**WHAT THE EXERCISE ASKS**
From the first line to the last, reproduce the records below exactly, omitting any picture.

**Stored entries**

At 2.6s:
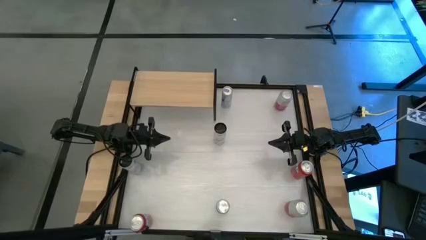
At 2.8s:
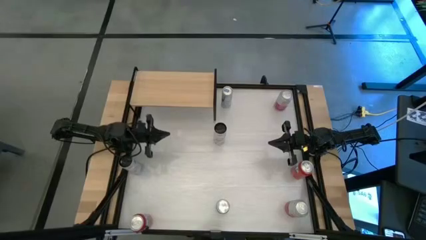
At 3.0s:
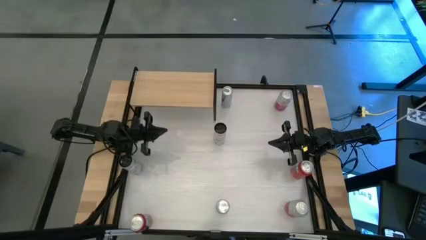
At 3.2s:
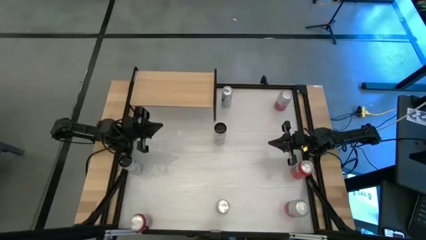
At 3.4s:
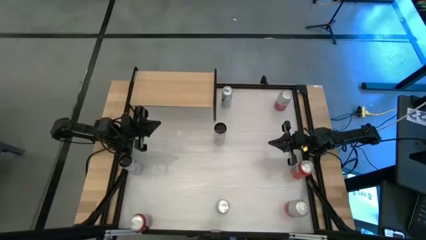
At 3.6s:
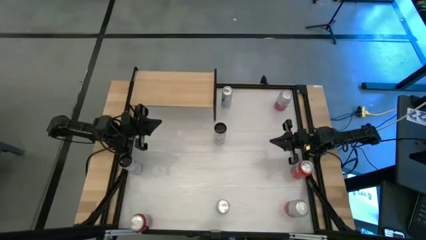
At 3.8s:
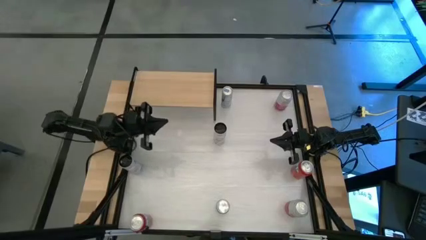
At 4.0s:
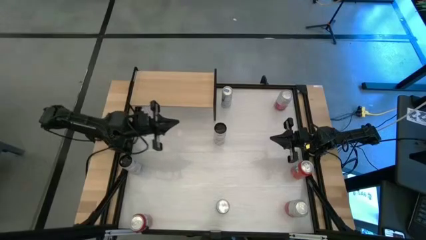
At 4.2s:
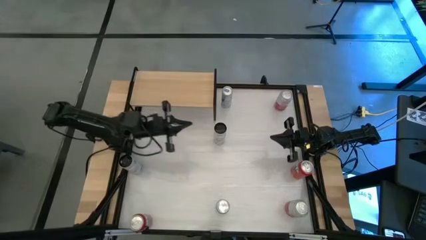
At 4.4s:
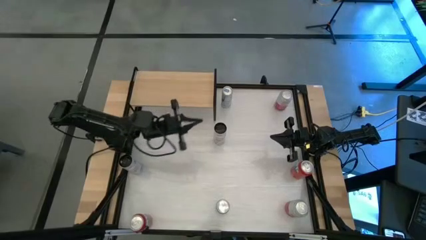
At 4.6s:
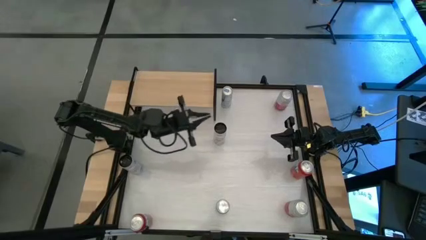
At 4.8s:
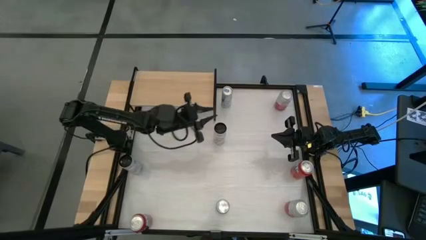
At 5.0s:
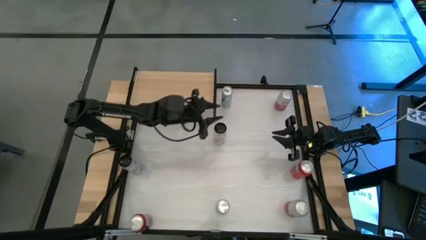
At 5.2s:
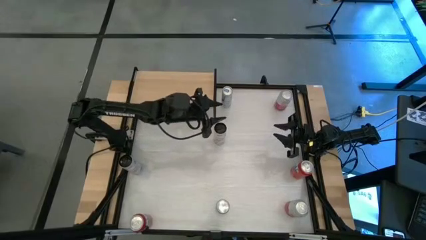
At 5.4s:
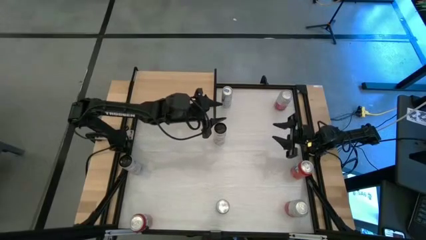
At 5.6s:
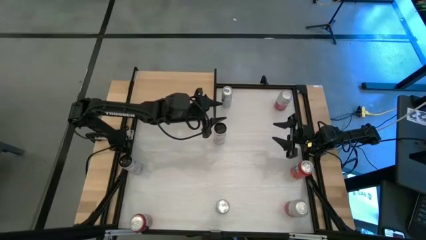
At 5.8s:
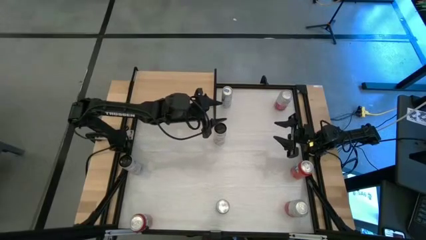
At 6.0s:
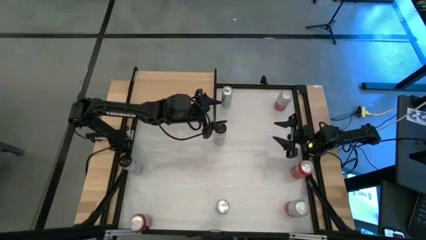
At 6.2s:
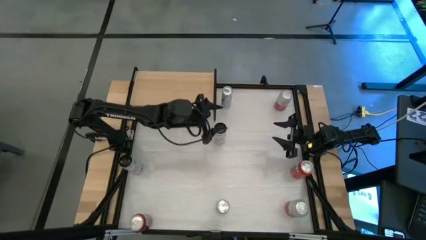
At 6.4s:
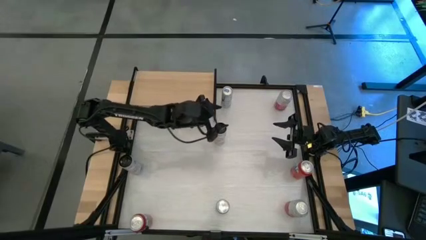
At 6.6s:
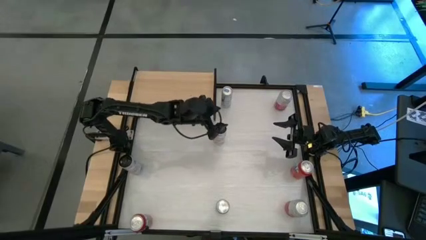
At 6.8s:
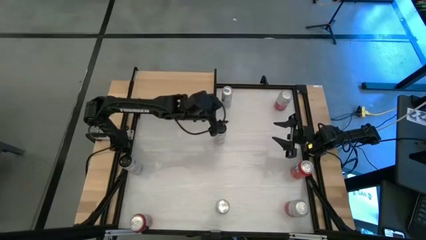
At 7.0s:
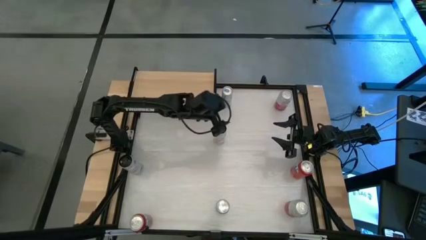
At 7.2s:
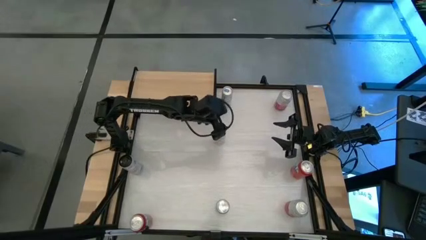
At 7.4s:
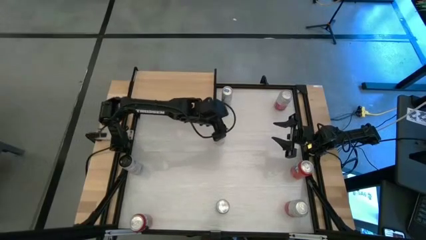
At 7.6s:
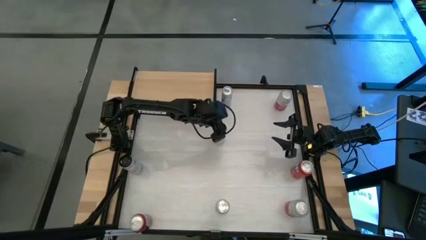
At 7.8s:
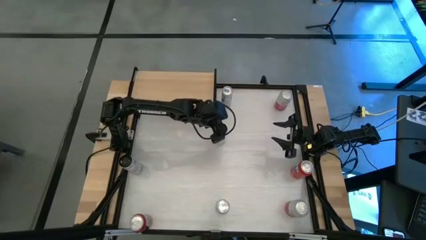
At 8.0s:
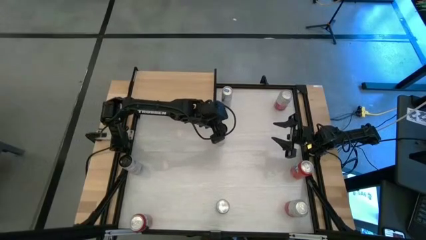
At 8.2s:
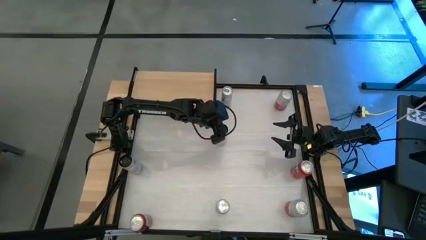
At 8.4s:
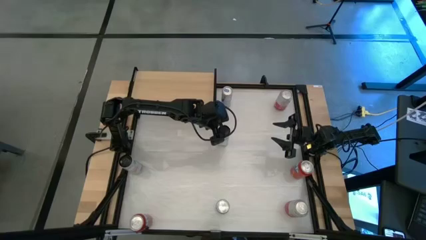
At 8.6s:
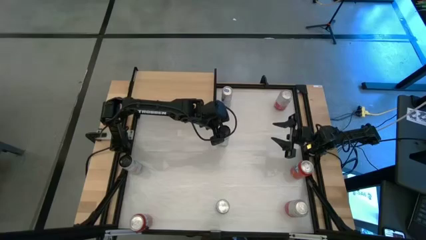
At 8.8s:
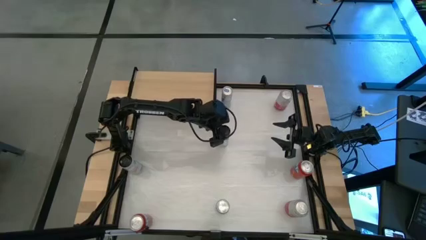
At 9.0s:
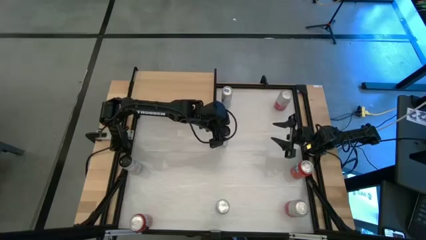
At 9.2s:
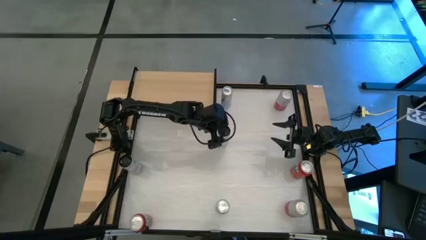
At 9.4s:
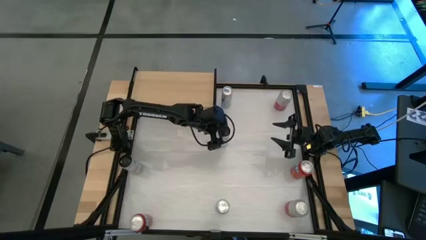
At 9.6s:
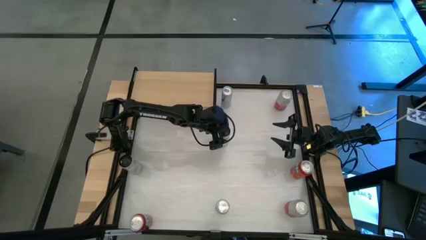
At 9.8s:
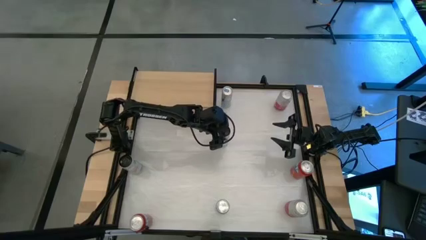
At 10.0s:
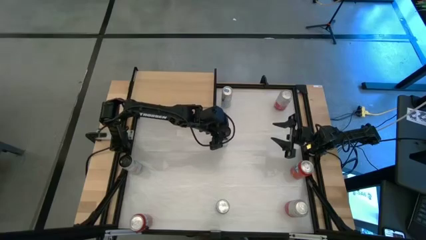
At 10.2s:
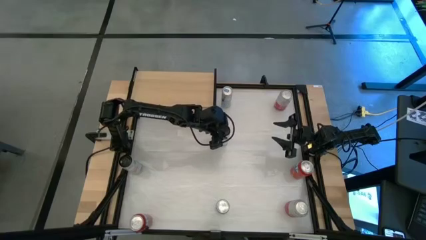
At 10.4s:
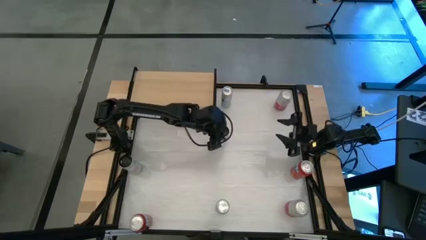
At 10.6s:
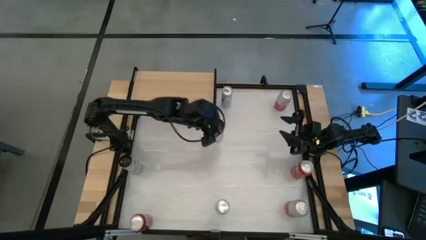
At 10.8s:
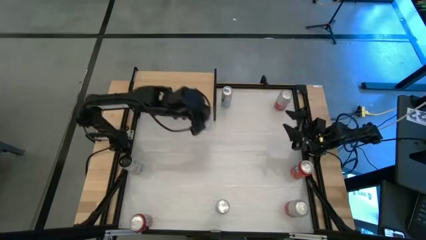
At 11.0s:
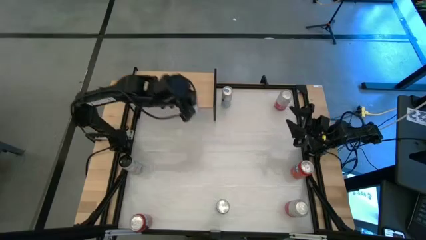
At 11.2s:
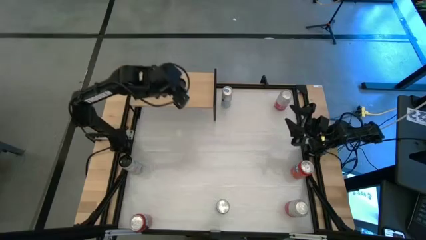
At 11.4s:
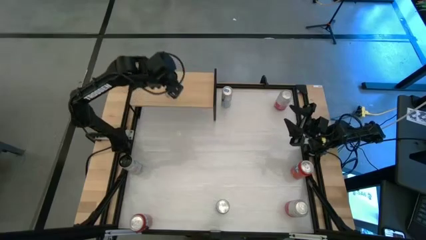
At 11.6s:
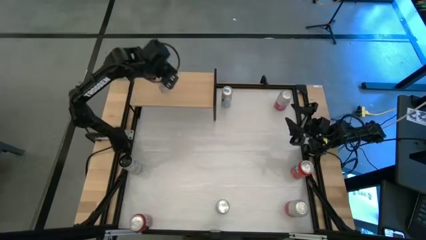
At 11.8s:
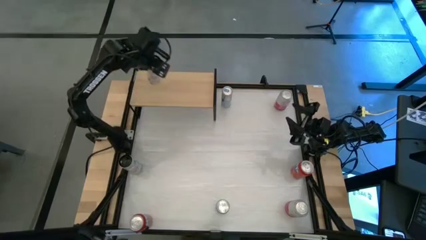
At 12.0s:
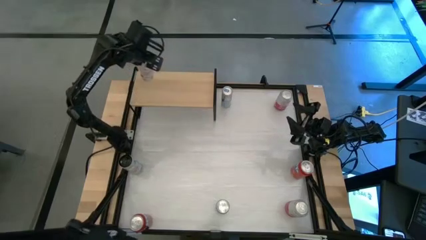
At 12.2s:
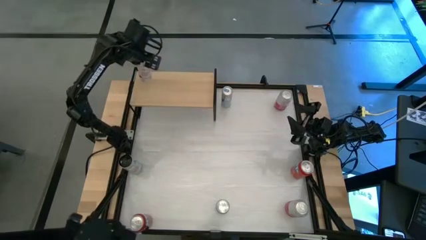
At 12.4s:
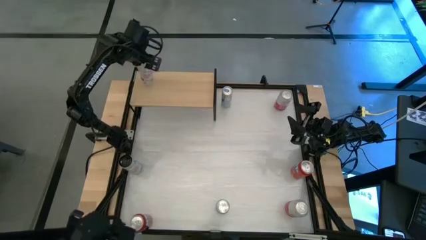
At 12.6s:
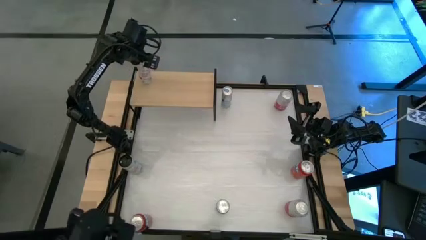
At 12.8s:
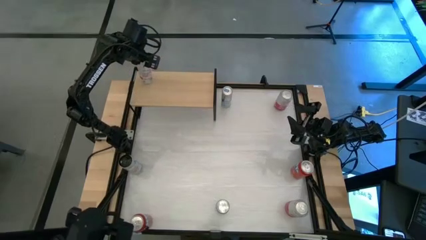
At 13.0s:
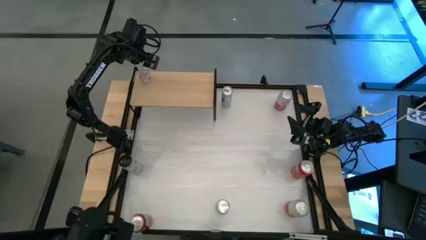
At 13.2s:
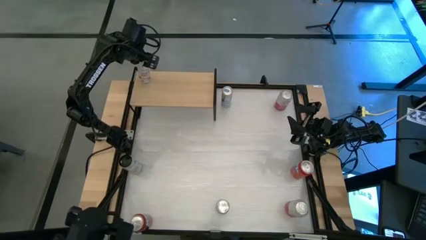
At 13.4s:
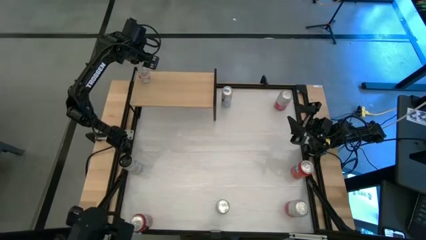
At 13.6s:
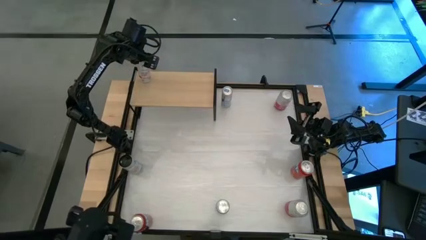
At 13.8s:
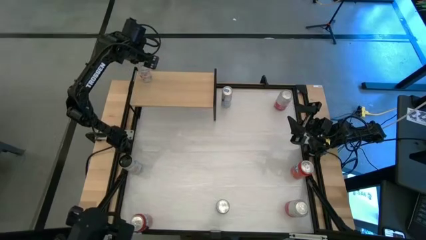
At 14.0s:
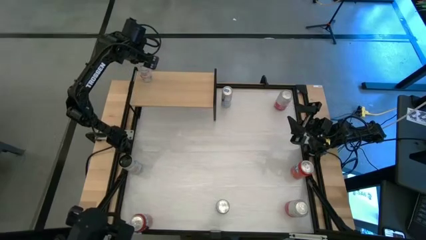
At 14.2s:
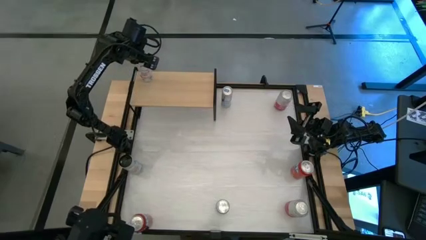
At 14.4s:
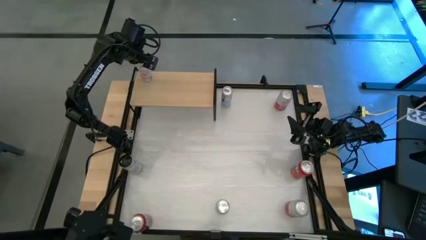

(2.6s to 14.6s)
Task: Place canned beverage on shelf
Put the top white pink soda can on the shelf

**ANSWER SPACE**
At 2.6s:
At 2.8s:
At 3.0s:
At 3.2s:
At 3.4s:
At 3.6s:
At 3.8s:
At 4.0s:
At 4.2s:
At 4.4s:
At 4.6s:
At 4.8s:
At 5.0s:
At 5.2s:
At 5.4s:
At 5.6s:
At 5.8s:
At 6.0s:
At 6.2s:
At 6.4s:
At 6.6s:
At 6.8s:
At 7.0s:
At 7.2s:
At 7.4s:
At 7.6s:
At 7.8s:
At 8.0s:
At 8.2s:
At 8.4s:
At 8.6s:
At 8.8s:
At 9.0s:
At 9.2s:
At 9.4s:
At 9.6s:
At 9.8s:
At 10.0s:
At 10.2s:
At 10.4s:
At 10.6s:
At 10.8s:
At 11.0s:
At 11.2s:
At 11.4s:
At 11.6s:
At 11.8s:
At 12.0s:
At 12.2s:
At 12.4s:
At 12.6s:
At 12.8s:
At 13.0s:
At 13.2s:
At 13.4s:
At 13.6s:
At 13.8s:
At 14.0s:
At 14.2s:
At 14.4s:

(2.6s to 14.6s)
Task: Place canned beverage on shelf
Put the top white pink soda can on the shelf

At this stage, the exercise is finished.